[MATERIAL SHOWN]:
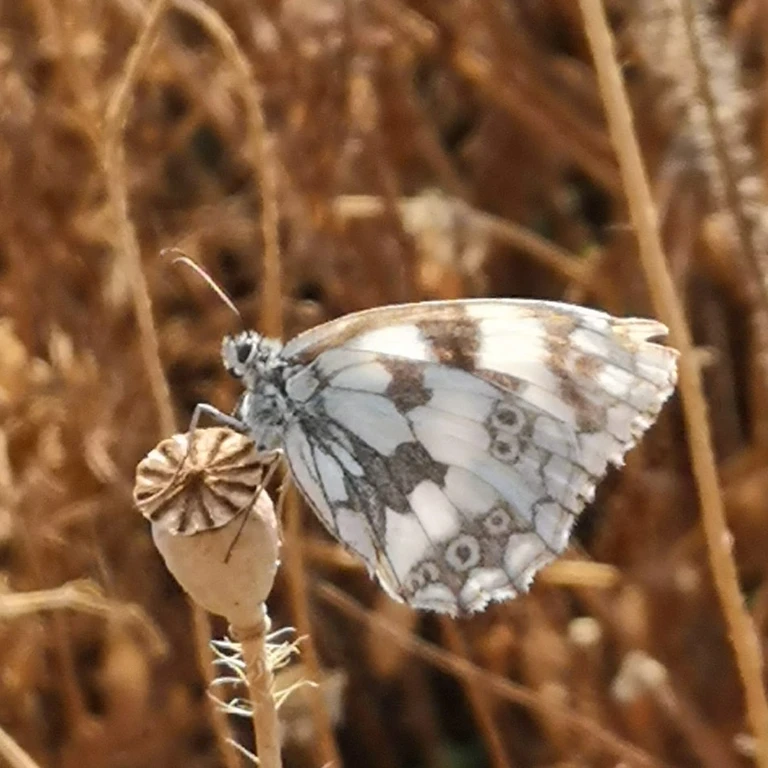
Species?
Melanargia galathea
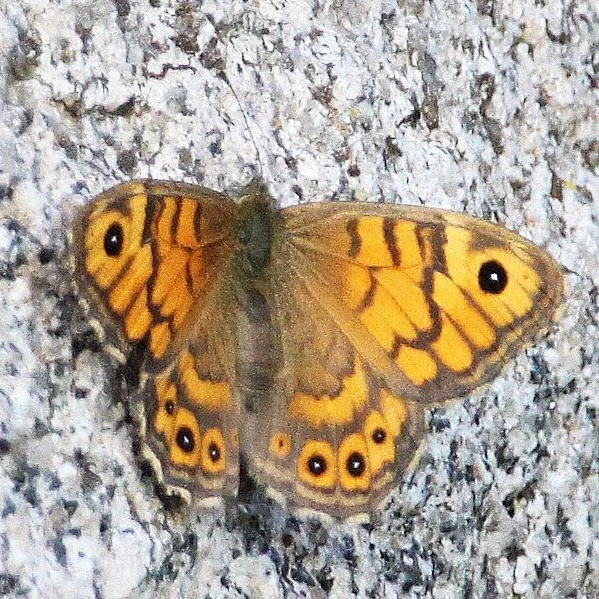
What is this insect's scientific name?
* * *
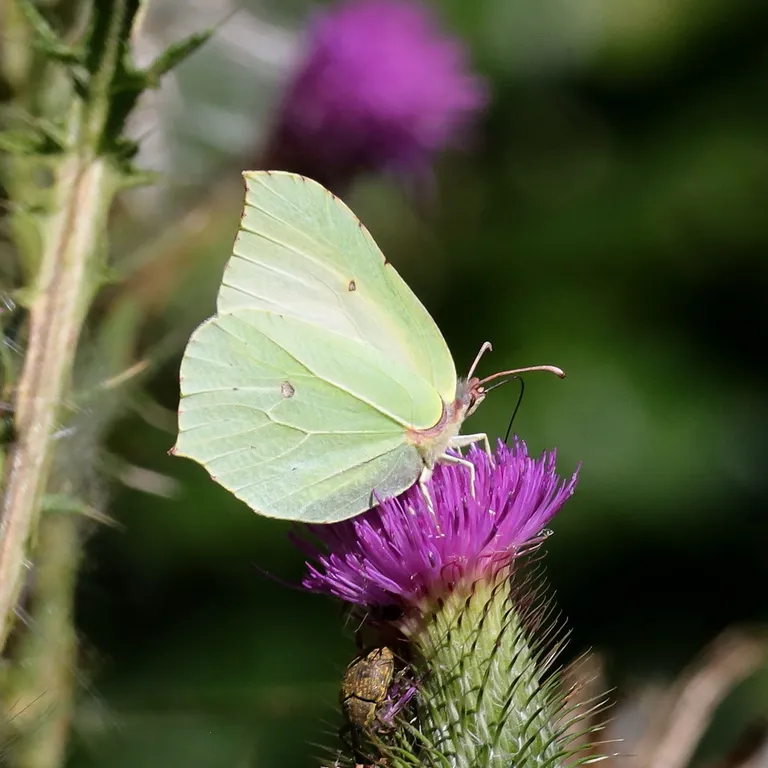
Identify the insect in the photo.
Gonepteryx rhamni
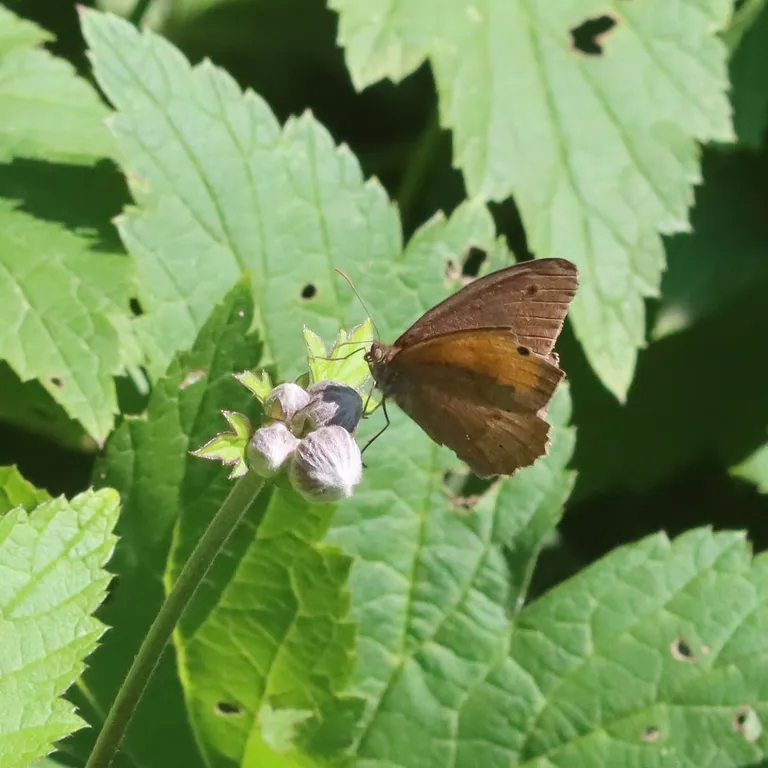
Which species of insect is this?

[WHAT IS EXPECTED]: The string "this" marks the lines to return from the material. Copy each one.

[YOUR RESPONSE]:
What is this insect's scientific name?
Which species of insect is this?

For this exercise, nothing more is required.